Reprendre où ? Comment ? Pourquoi ? Avec qui ? Dans quel contexte ? Questions palpitantes que nos folliculaires se seront empressés de ne pas poser, sachant probablement que les réponses seraient aussi vides que le reste. À l’évidence, de la même façon que ces mêmes médias construisirent en Sarkozy un volontaire déterminé, alors qu’il ne fut qu’une girouette ébouriffante de moulinets oratoires impuissants et creux, de la même façon que les médias firent et défirent l’opinion du peuple vis-à-vis du précédent président, tout indique qu’ils nous rejouent la même partition usée pour le petit Manuel : lentement mais sûrement, ils nous brossent avec l’actuel ministre de l’Intérieur le portrait d’un homme à poigne, d’un type qui, s’il sait manier un peu mieux la discussion et le consensus qu’un Sarkozy décidément trop rentre dedans, n’en demeure pas moins audacieux et décidé. En gros, avec Valls, ça va swinguer.

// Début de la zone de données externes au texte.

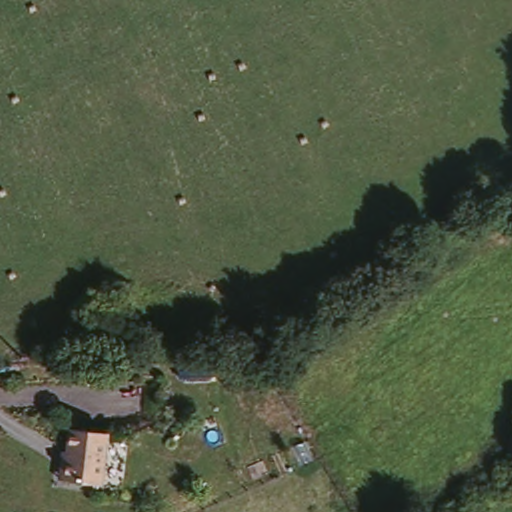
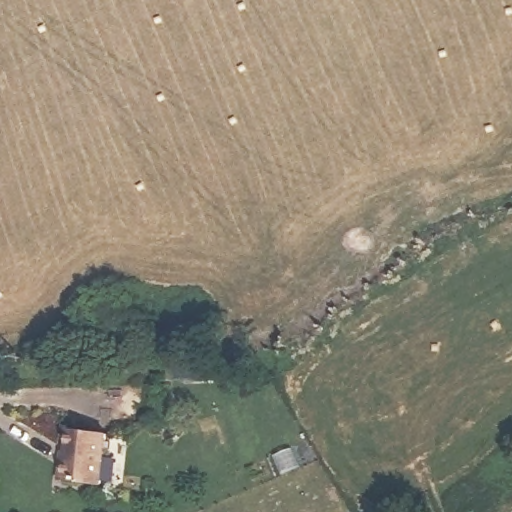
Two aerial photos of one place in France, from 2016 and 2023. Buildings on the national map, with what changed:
unchanged [(65,431),(108,435),(103,487),(59,482),(65,431)]

Et voilà donc que les articles s’enchaînent pour nous présenter un Manuel de combat qui « enclenche la seconde » — ce qui est d’autant plus facile qu’il suffit de laisser remonter à la surface l’une ou l’autre crapulerie, ignominie banale ou déroute sociale habituelle dans ce pays pour qu’immédiatement le ministre puisse se mettre en scène. Mieux encore, on aura tôt fait, toujours dans les mêmes médias, de rapporter les propos critiques (forcément et férocement critiques) de l’opposition, de préférence portés par n’importe quelle gourdasse fade, pour le présenter, par contraste, comme une solution crédible aux problèmes de sécurité et d’autorité français. Pour une NKM dont seule la campagne parisienne justifie encore qu’on puisse vaguement parler d’elle, surtout dans ces mois d’été, pas de doute :
« Le problème, c’est que Manuel Valls, il parle beaucoup, beaucoup. »
Oui, c’est exact, il fait finalement la même chose qu’elle : parler, parler beaucoup. Et comme les journaux se font un devoir de nous rapporter les petits couinements, les gros borborygmes et les vagissements inutiles de ces politiciens, la politique française n’est plus qu’une étable bruyante remplie de ces mugissements bêtes d’animaux de foire au vocabulaire de plus en plus étroit. NKM, ministre sous Sarkozy, parfait inutile d’un quinquennat perdu, reproche le manque d’action de Valls, ministre remuant d’un président incompétent, perdu et mollasson dont la plus belle occupation semble être de regarder les trains (de la SNCF et de l’économie) dérailler en broutant l’herbe verte d’un château élyséen sagement assoupi.
Pire : lorsqu’il s’exprime sur autre chose que les petits tracas sécuritaires français, c’est pour sortir les mêmes appels à vengeance judiciaire contre les impétrants qui pensent mal, qui utilisent leur liberté d’expression pour être trop libres, et pour ajouter au bruit ambiant ses propres rodomontades de pandore de location.
Finalement, Valls est un socialiste comme les autres : il en a les mêmes réflexions, les mêmes tics. Il a la même foi chevillée au corps que l’action politique, essentiellement celle de ses muscles buccaux, pourra résoudre des problèmes qui ont tout à voir avec cette foi si mal placée. Il a les mêmes penchants pour le vide bruyant, l’inaction énergique finement médiatisée, qu’un précédent essai dont les résultats, parfaitement nuls, donnent déjà une excellente estimation de ce que vaut l’actuel ministre de l’intérieur : rien.